Introduction: If and when used
appropriately, appetite suppressants can be of real good benefit,
and pose a little risk. Appetite suppressants can
be prescribed as a part of an overall diet plan for weight reduction.
These appetite suppressants are available in two forms: immediate-release
tablets and controlled-release tablets. They should be used with
a behavior modification program.
Appetite suppressant drugs could be categorized
into two main categories:
1) First, this performs via catecholamine pathways:
In this category, amphetamine and phenmetrazine are no longer recommended
because of their stimulant properties and addictive potential. While
other drugs like include amfepramone (diethylpropion), phentermine,
mazindol and phenylpropanolamine have been shown to reduce appetite
and lower food intake, thereby helping obese patients more easily
keep to a low-calorie diet and lose weight. They all have some sympathomimetic
and stimulant properties.
2) Second, this performs via serotin pathways:
In this category, the drugs (anorectic) have no stimulant or sympathomimetic
properties. Anorectic drugs should be reserved for those who are
clinically at risk from being overweight, and then only as part
of a comprehensive weight-reducing programme including regular dietary
counseling. Although, according to the current licensing, regulations
only allow their use over a short period (10 to 16 weeks), while
clinical trials have shown them to be effective over longer periods,
particularly in preventing weight regain.

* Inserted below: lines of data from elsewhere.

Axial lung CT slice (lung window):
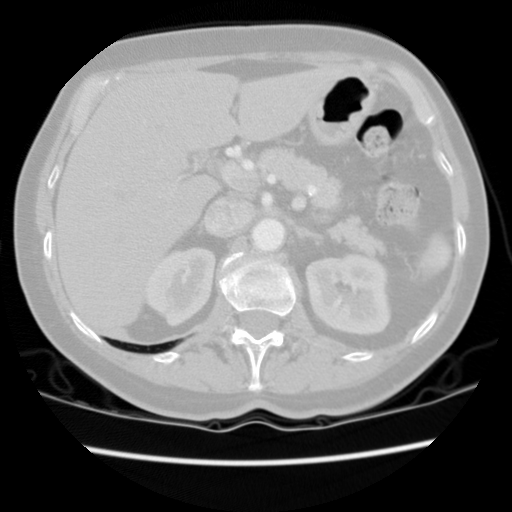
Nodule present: no
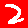
Digit: 2
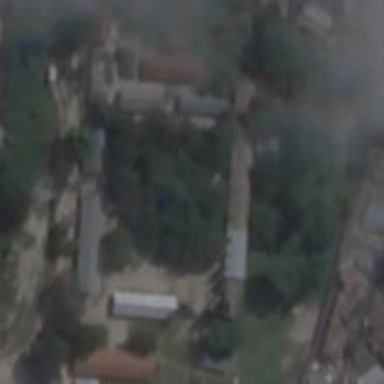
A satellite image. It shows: School.
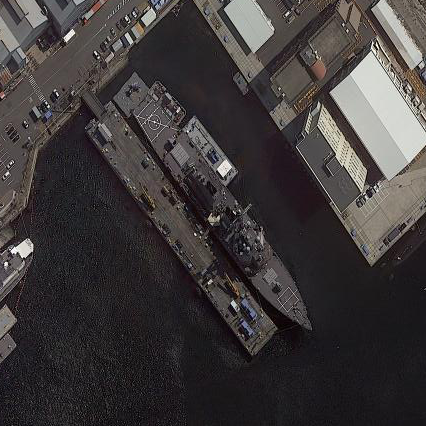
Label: destroyer
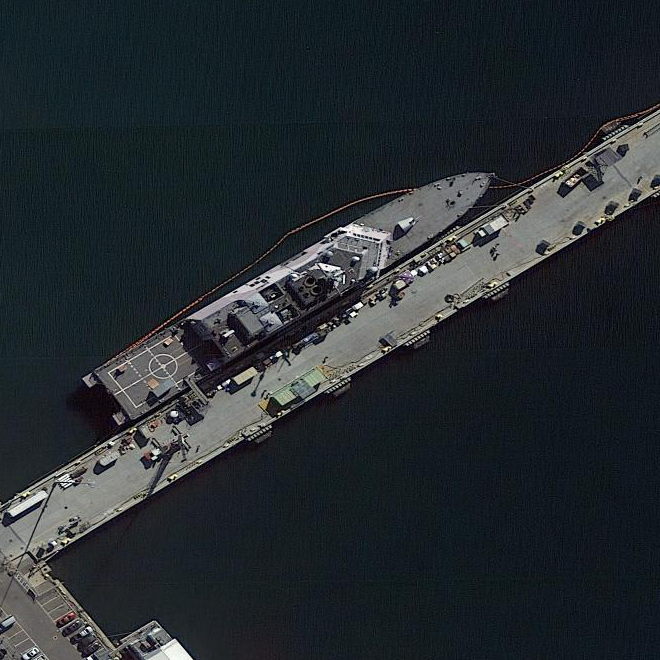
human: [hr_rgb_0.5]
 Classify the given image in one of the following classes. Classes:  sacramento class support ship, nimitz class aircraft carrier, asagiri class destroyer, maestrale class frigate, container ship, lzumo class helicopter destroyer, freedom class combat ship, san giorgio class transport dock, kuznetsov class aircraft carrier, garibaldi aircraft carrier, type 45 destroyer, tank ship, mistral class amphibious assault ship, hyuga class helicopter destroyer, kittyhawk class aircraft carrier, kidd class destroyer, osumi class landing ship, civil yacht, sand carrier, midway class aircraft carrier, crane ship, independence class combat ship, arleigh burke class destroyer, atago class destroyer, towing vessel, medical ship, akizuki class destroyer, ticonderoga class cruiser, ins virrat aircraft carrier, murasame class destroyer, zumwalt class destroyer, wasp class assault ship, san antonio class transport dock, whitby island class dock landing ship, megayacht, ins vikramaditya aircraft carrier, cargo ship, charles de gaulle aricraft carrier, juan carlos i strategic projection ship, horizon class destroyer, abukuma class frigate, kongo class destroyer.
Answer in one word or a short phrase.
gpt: Freedom class combat ship
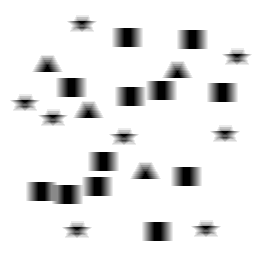
Squares: 12
Triangles: 4
Stars: 8
Total shapes: 24
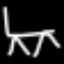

Every appetite suppressant we carry is equal in
quality, purity and potency to the FDA-approved drugs available
from your neighborhood pharmacy. Your order is carefully reviewed
ensuring the utmost in accuracy and safety, while protecting you
against unwanted drug interactions and other potential problems.
Risks: These appetite suppressant
drugs affect the hunger control centers in the brain. But we know
that hunger is not the only trigger for eating. We have other forces
influencing it as well, like cultural influence, emotions and faulty
metabolism. So, behavior restructuring therapy is also important
for obesity control. Also, some appetite suppressants can create
psychological dependence because they contain amphetamine-like ingredients.
Others can cause insomnia, drowsiness, irritability or depression.
So, the various risks associated with appetite suppressants include:
raised blood pressure, elevated heart rate, restlessness, nervousness,
difficulty sleeping, and dry mouth. Occasionally, more serious consequences
are possible.
Not any Substitute for Proper Diet or Exercise:
Appetite suppressants are not a magic cure for obesity
or any weight problem. In most clinical weight loss trials, they
produce only minor benefits. However, when used in conjunction with
a balanced diet and exercise program, the benefits of appetite suppressants
are more noticeable.
We only offer appetite suppressant information that is safe to go
through. The meditative information offered on our websites does
not require a physical examination. A thorough review of your medical
history by a licensed physician is sufficient.